I have created this simple BST in Ruby:
class Node
attr_accessor :data, :left, :right
def initialize data
@data = data
end
end
def insert root, data
current = root
loop do
node = current.data < data ? current.right : current.left
break if node.nil?
current = node
end
if current.data < data
current.right = Node.new(data)
else
current.left = Node.new(data)
end
end
Note: I don't use recursion because I get a "stack too deep" exception when the BST becomes large.
Then I try to insert about 6M records:
root = Node.new('root')
insert root, "something"
insert root, "another"
# ...
It takes about 30 minutes to complete on my MacOS, which seems really too much!
Why it takes so long (with SQLite I can index in 30 seconds the same data)?
Can you suggest any optimization to the above code?
CodePudding user response:
Is Ruby slow?
Here's a StackOverflow question with highly detailed answers. In short, comparing Ruby's performance with SQLite's is pointless; only one of these tools is optimised to work with data.
Optimizing the approach
Since you're using a BST, each insertion takes O(n)
time in the worst case (which is a skewed tree).
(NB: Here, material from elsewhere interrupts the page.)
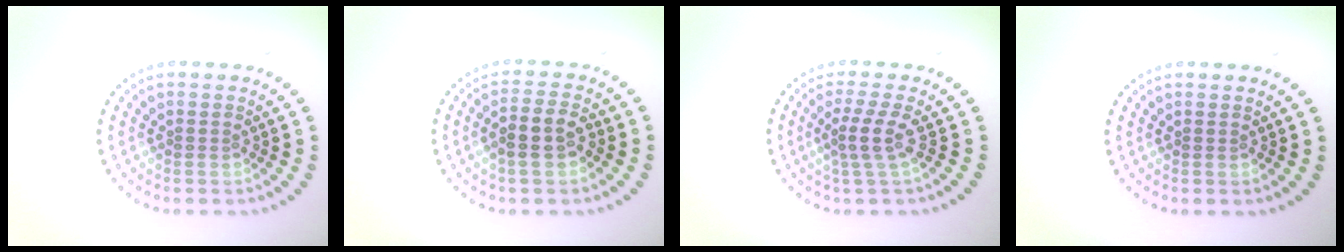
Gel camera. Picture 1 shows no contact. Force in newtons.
{"total": 2.8, "press": 2.7, "slide": 0.9}
{"total": 2.4, "press": 1.6, "slide": 1.8}
{"total": 0.0}

Inserting n
nodes would have O(n^2)
complexity, which might explain the high running time. You could replace the BST with a height balanced BST (also called AVL tree), where all insertion/deletion/search operations can be done in O(log n)
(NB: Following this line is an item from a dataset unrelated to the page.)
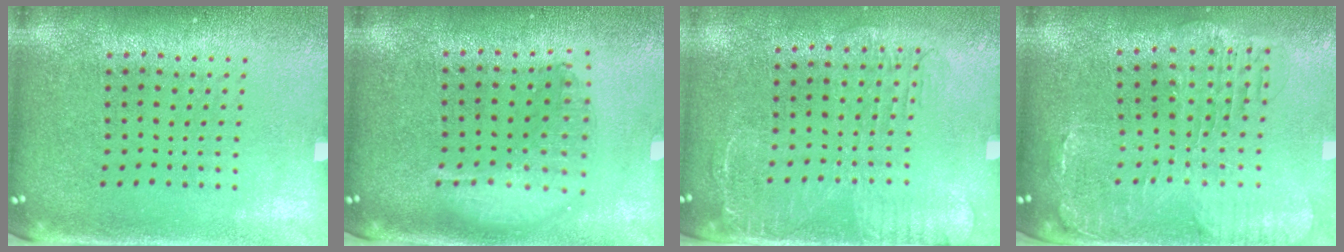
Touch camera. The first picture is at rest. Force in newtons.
{"total": 1.6, "press": 1.4, "slide": 0.7}
{"total": 1.6, "press": 1.2, "slide": 1.1}
{"total": 1.5, "press": 1.4, "slide": 0.4}

CodePudding user response:
I'm not sure if you strictly need a BST, but in case you can consider an alternative, having your data stored in an array and having it sorted (hopefully only once) would be way faster.
The following takes 2 seconds on my machine, whereas I stopped your BST implementation after 30 seconds.
data = []
6_000_000.times{|i|
data << rand(1_000_000)
}
# data << 3000 #force 3000 to be there...
data.sort! # only need to sort once
p data.bsearch{ |x| 3000 <=> x }
If you need to keep adding data, maybe re-sorting all the time would still be better.